Nun einer der ausschlaggebenden Punkte war die Möglichkeit im Programm eine Mindmap anzulegen. Seit einiger Zeit arbeite ich sehr gerne mit Mindmaps und finde, dass sie eine ausgezeichnete Möglichkeit für das Plotten einer Szene oder auch Romans sind. Wie gigantisch diese sich hier jedoch in ein Projekt umsetzen lassen, übertrifft jedoch alles, was ich bisher gesehen habe. 
Doch erst einmal zurück zum Anfang. Und der hat es in sich. Ich muss zugeben, öffnet man das Programm zum ersten Mal, fühlt man sich ein wenig erschlagen. Man wird vor so viele Möglichkeiten gestellt, dass man gar nicht weiß, was man machen soll und hier kommt der nächste Pluspunkt von Patchwork. Ruft man die Hilfe auf, öffnet sich die Hilfe zum jeweiligen Programmpunkt. So zum Beispiel im Kreativboard oder im Text. Man kommt relativ schnell zur gesuchten Info, und kann zügig weiterarbeiten. Wer eher der visuelle Typ ist, kann sich auch auf youtube die entsprechenden Tutorials ansehen. Nach jedem Video, dass ich mir bisher angesehen habe, bin ich jedes Mal ein Stück begeisterter von diesem Programm. Bisher bin ich noch in den Anfängen und für die Einarbeitung habe ich mir ein kleines Projekt ausgesucht, an dem ich mich nach Lust und Laune austoben und testen kann, was man damit alles anstellen kann. Da dieses Projekt Laura und Phil aus "Einsatzort Vergangenheit" als Protagonisten hat, werde ich einiges, was ich hier lerne und nutze, auch in den nächsten Band mit übernehmen können. 

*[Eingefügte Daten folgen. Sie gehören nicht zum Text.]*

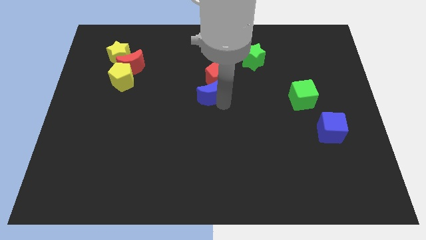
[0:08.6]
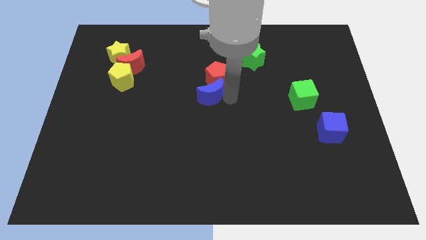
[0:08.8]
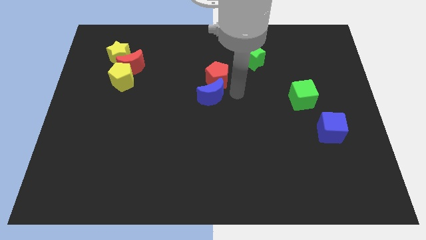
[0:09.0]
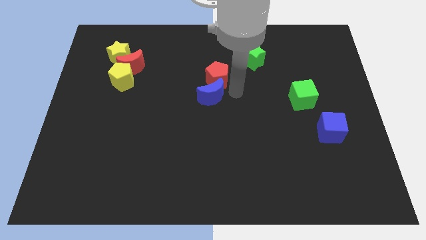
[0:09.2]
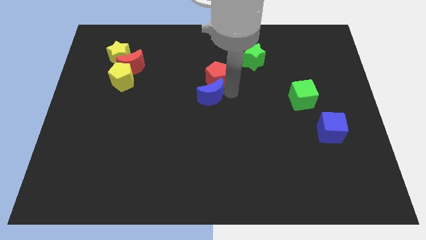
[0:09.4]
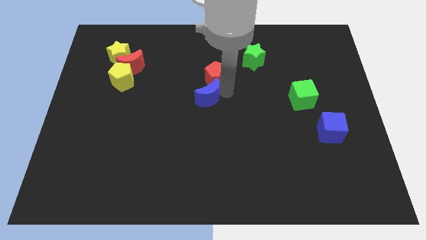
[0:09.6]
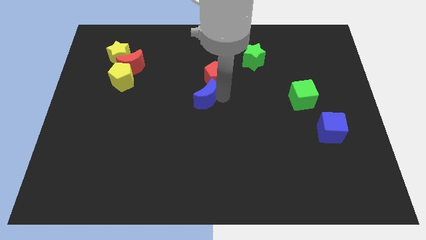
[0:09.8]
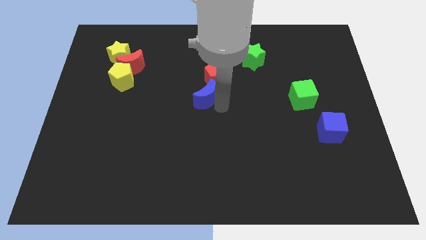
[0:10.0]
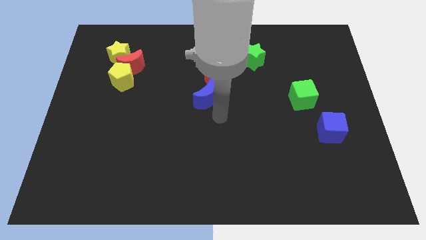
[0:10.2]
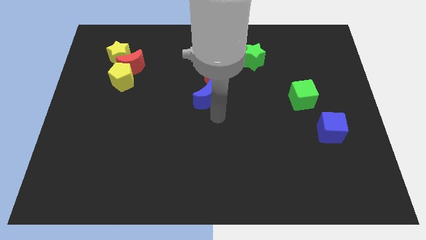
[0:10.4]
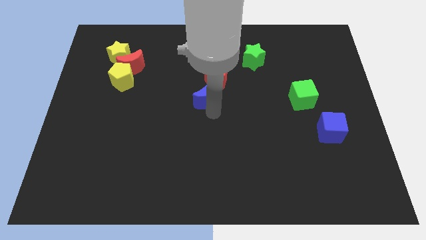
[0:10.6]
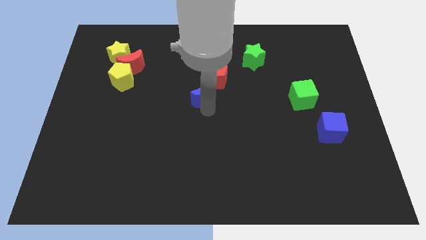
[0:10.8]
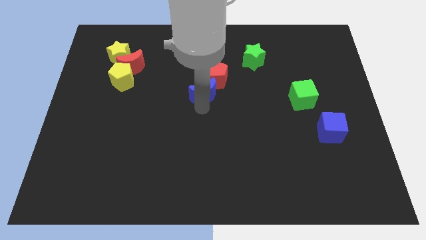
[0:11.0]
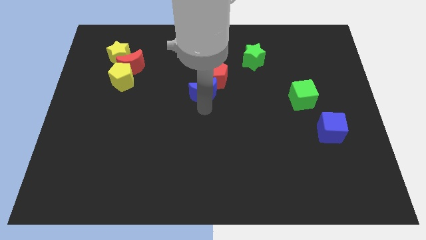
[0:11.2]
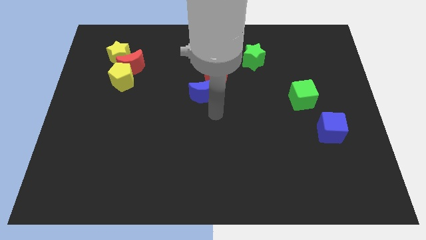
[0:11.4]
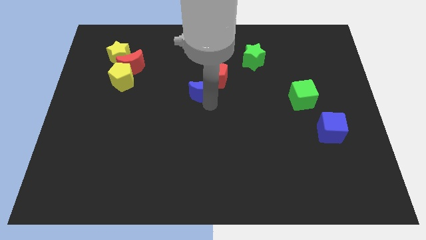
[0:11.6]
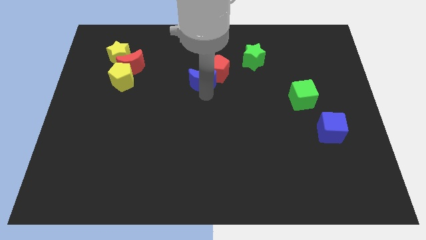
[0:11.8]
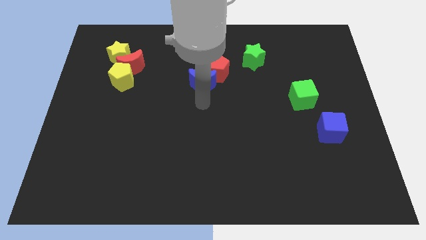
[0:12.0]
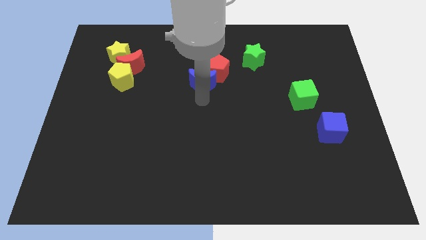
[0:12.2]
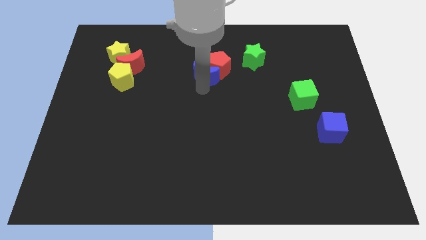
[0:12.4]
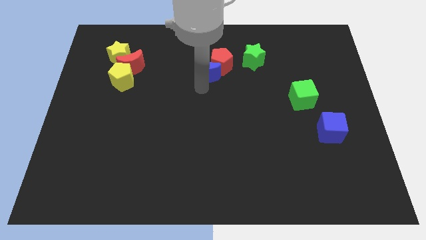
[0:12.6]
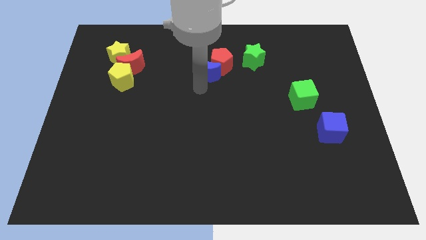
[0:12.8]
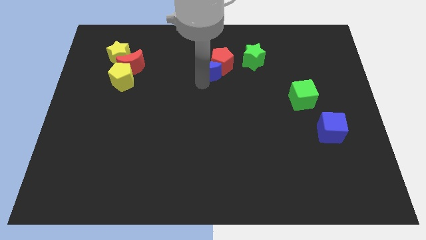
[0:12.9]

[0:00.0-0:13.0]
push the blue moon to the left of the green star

Ich könnte jetzt hier stundenlang über das Programm schreiben, aber bevor das hier ein Roman wird, werde ich in den nächsten Blogeinträgen immer wieder etwas Neues vorstellen. 
Ich glaube, dass ich dann mal es etwas über das Kreativboard schreibe. Ich weiß, dass es das bei Papyrus jetzt auch gibt, aber ich bin noch nicht dahintergekommen, ob es sich derart in das Projekt integrieren lässt, wie bei Patchwork. (Meine Hausaufgabe fürs nächste Mal :-))

(Und nein, ich bekomme kein Geld dafür, dass ich von diesem Programm schwärme, ich tue es, weil ich wirklich ziemlich begeistert bin.)